"Do [you] think there is life after death harvey1? I don't. A big part of life for me is the history in my brain called memory. I know this is physical because when damaged by a stroke, I lost some of it. Our memories define us - they are there as the basis for the formulation of our current opinions. They give us our reference for how we feel right now -- are we happier or sadder, in more or less discomfort. Without the history of music you've appreciated in the past, you are unable to appreciate new music in the same genre (a real eye-opener for me, but it instantly explains why some people can become engrossed in certain genres that seem utterly outlandish to others -- each new small, deviation is acceptable in it's own way to the aficionado but the sum total creates an insurmountable edifice to anyone lacking the history of the aficionado).
SO when I die completely, my memories will too and thus I know that there will be no life after death for me."

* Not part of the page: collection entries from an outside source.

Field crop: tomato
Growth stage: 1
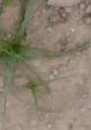
Species: cyperus
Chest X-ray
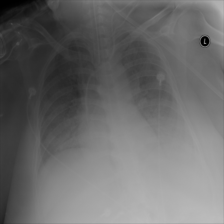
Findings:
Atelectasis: negative
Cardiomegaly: negative
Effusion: negative
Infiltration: positive
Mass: negative
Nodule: negative
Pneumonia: negative
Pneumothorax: negative
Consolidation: negative
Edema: positive
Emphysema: negative
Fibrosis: negative
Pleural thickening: negative
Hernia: negative
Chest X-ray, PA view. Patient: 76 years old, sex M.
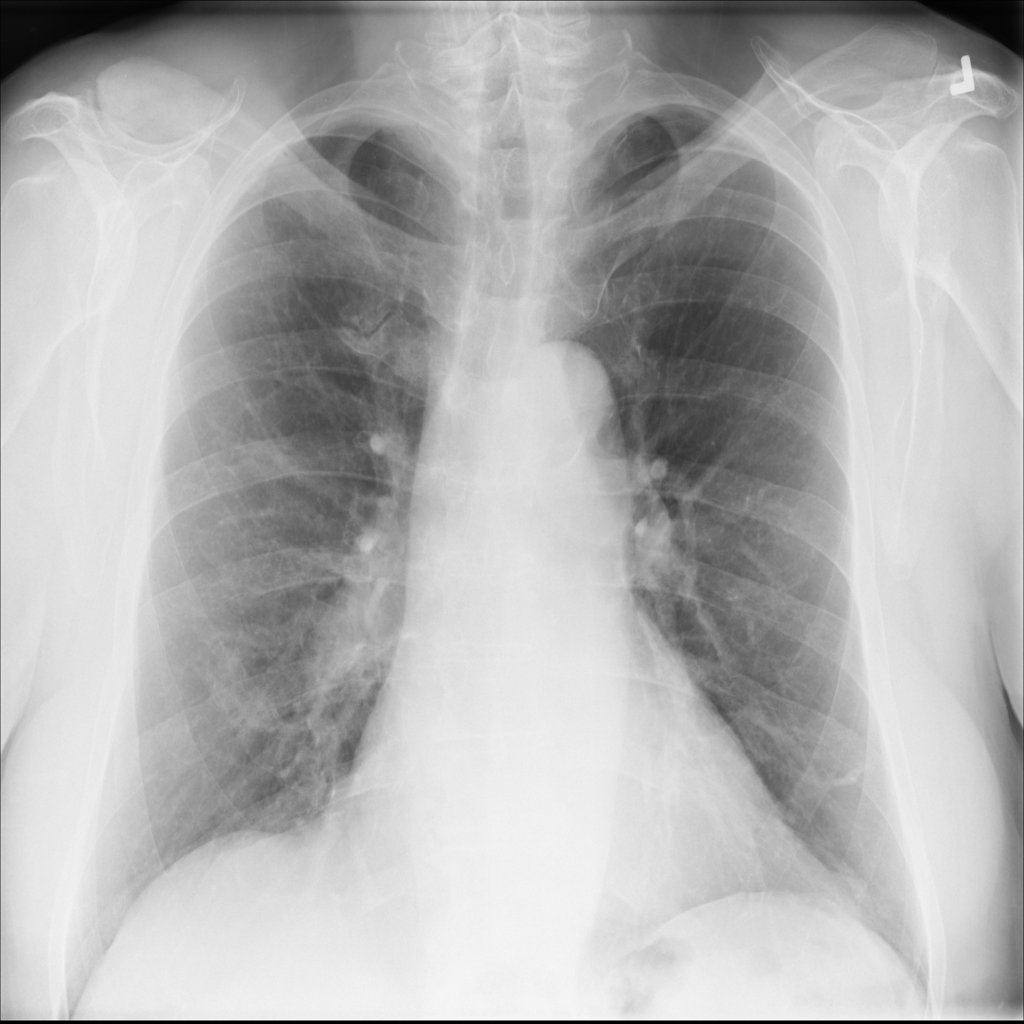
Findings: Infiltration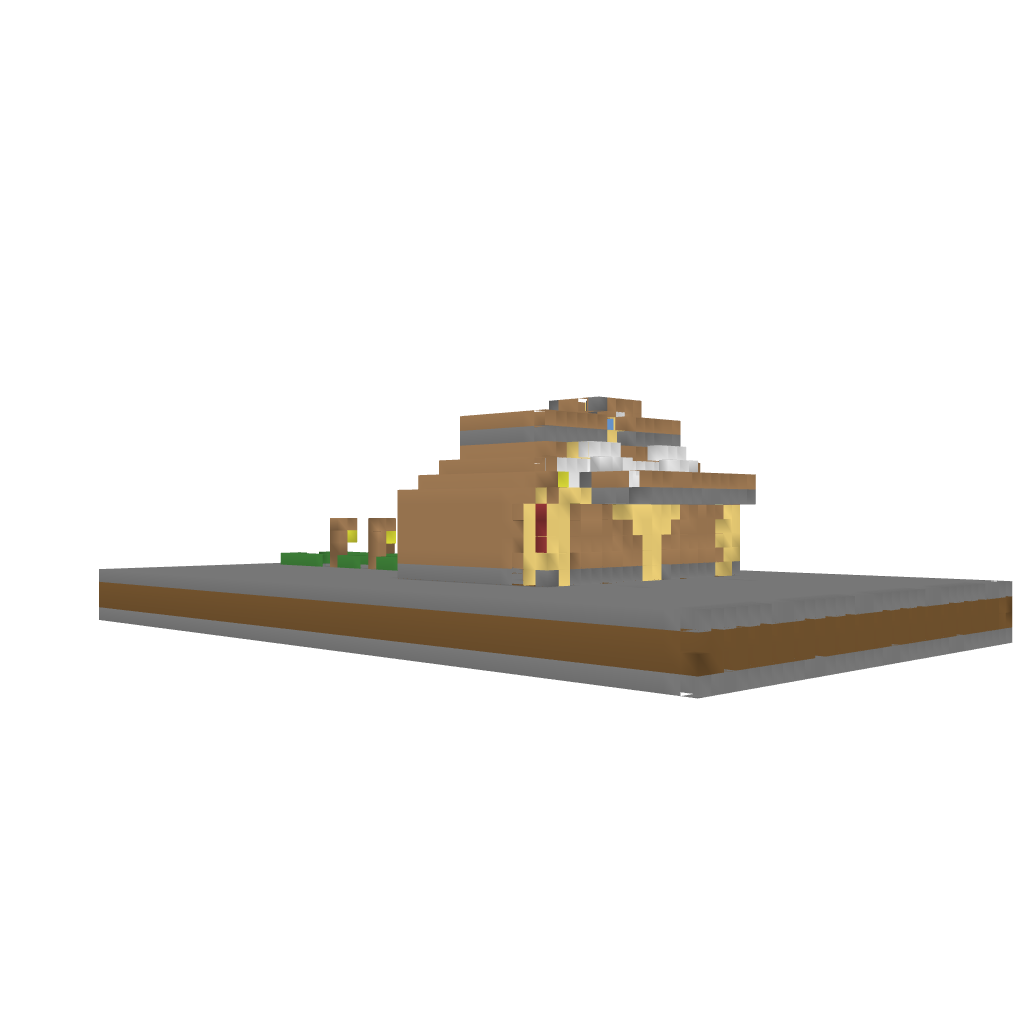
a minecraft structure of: Luxury  Villa good quality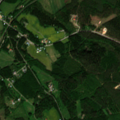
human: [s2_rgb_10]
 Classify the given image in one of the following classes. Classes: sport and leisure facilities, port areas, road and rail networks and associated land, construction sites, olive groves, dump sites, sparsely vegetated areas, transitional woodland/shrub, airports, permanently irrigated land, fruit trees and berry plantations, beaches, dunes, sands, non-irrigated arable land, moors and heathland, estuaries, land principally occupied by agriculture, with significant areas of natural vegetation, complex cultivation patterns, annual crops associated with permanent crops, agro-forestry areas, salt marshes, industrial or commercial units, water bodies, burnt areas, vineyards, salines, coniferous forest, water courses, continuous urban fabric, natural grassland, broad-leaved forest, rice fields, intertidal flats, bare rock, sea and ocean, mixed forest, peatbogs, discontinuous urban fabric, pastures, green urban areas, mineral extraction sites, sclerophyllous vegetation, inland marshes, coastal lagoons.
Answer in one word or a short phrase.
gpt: land principally occupied by agriculture, with significant areas of natural vegetation, broad-leaved forest, coniferous forest, mixed forest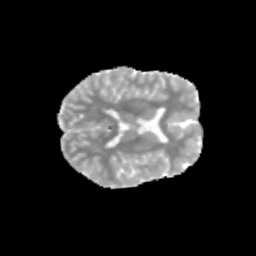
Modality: MD
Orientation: axial
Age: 11
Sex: female
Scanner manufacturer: siemens
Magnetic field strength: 3 T
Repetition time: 3.8 s
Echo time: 0.07 s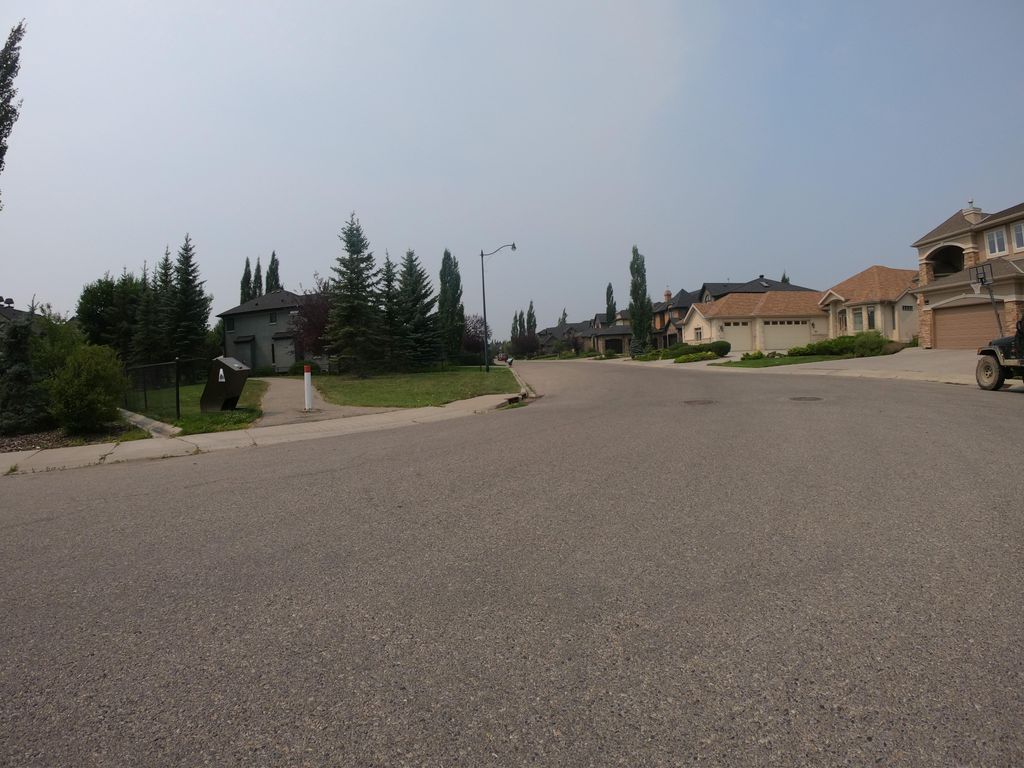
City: calgary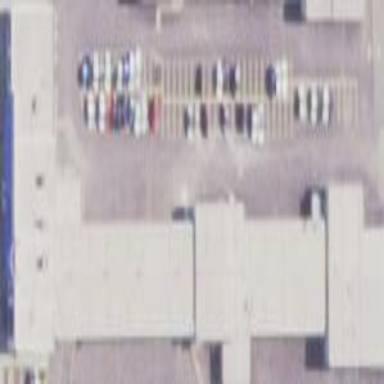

As I understand it harvey1 presented the possibility of quantum teleportation as being one mechanism we might know of already as being potentially capable of transferring the vital information that makes up a "me". While this might just possibly permit the transfer of certain states of memory it led me to wonder the following:
I think this answer reveals an insurmountable problem with the concept of a desirable or meaningful afterlife: I have described how vital a role our memories play in defining our being. The destruction of neurons can map one-to-one with the destruction of information (memory) so "who we are" at a given time is contingent on our functional memory. Given that we can become re-defined through targeted damage means we can change -- maybe for the better, maybe for the worse. So which copy of us will reside in heaven? Our "final state" is likely to be one characterized by massive disruption (on both emotional and mechanical levels!) notice that previous back-ups" of us might well prove to be incompatible if we build a "new life" after such an accident.harvey1 wrote:Well, I have no way of knowing that. However, if I can offer a speculation, I would say that "you" are the final state of "you" at the moment of death, and at that point you are "resurrected" at Measurement Day (or Judgement Day) and then you are healed of whatever infirmities that are present, perhaps with a transformed "body." I'm only speculating of course.QED wrote:if your brain is damaged at some stage in life (maybe 10 years before your death, maybe 10 minutes) then at what point is all the vital information transferred?
Note that it helps to have the perspective of one who has "lost" part of his "soul" (as some would have it, others might more reasonably call it personality or identity) through mere mechanical means. I have no doubt that our defining qualities are bound to our physiology and this can change over time. No cutting and pasting that I can imagine could reconstruct the true essence of an individual.